In previous years, you may have noticed the unmowed patches left here and there. Cat playgrounds! Used to drive JP nuts; he thought it looked sloppy. Yeah, so? Well this year I decided to change the areas for not mowing. So I shaved off the patch by the apricots. Ew. Now that looks shabby! The larger areas at the back I didn't completely mow, just gnawed around the edges. And then I left three new patches, places with interesting flowers growing. we'll see how that develops.
Then the other thing that makes it seem like it should be past time already to get the garden in, is that the flowers are all coming along fine. The daffodils have come and gone. The tulips and the camellia are in full swing. The irises and lilacs are about to burst. Those renonculus and poppies in the planters don't count; I picked those up at the market last weekend. Gotta plant something.

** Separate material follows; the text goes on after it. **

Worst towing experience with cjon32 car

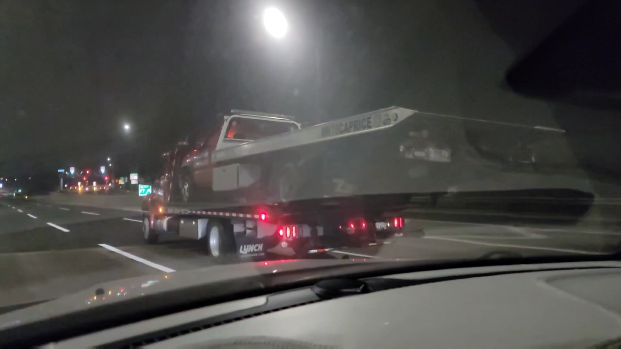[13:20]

I have a section full of azaleas and rhododendrons, but they're not doing well. I think they get too much sun in the afternoon (though not until 3 pm, because of the shadow of the house). Maybe I can move them (but where to?), maybe they don't have the right soil (possible, though I have added bags of the 'right' dirt a couple of times). If the lilacs would just grow faster and get some shade going, that might do the trick. I have a deal with Mericia to trade lilacs this year. She likes the white ones, and I like the dark ones. She has only dark ones in her yard, and whenever I shopped for lilacs at the gardening stores, they never had the dark ones. So I have white and pink and 2-tones. We'll cut each other bouquets in a couple weeks, and if you're nice to them, lilacs will sprout roots from cuttings. Then I may just plunk a dark lilac among the sad rhododendrons and let it take over.
The worrying thing is there's no water. In February I emptied the tank that collects water from the roof into the well, thinking that the rain would fill it again long before I needed to water the yard. No sense in sending the overflow into the sewer system. Usually it rains plenty in March & April.

We've barely had a drop since. A drizzle now and then. I've not yet set up the pump to draw well water, but I've had to water since March, and I am on to my summertime habits of collecting grey water from the kitchen and warming my shower into a watering can to empty on the yard later. Some people will not understand the sense of these measures. Just run the tap! But what did Granddad's conversation revolve around, when I was a kid? Undocumented laborers, and the price of water.
ooo, I almost said a bad word. "Wetback". My grandfather would never have said anything else. It seemed like such an ordinary word at the time, that I did not even know it was a bad word until high school. It was just the word we had for the illegal laborers that came up from the southern border.  Not until we moved away to a different (though not less discriminatory or intolerant) universe did anybody say 'Hey!'.

And the goat is still here. She has not gotten away yet.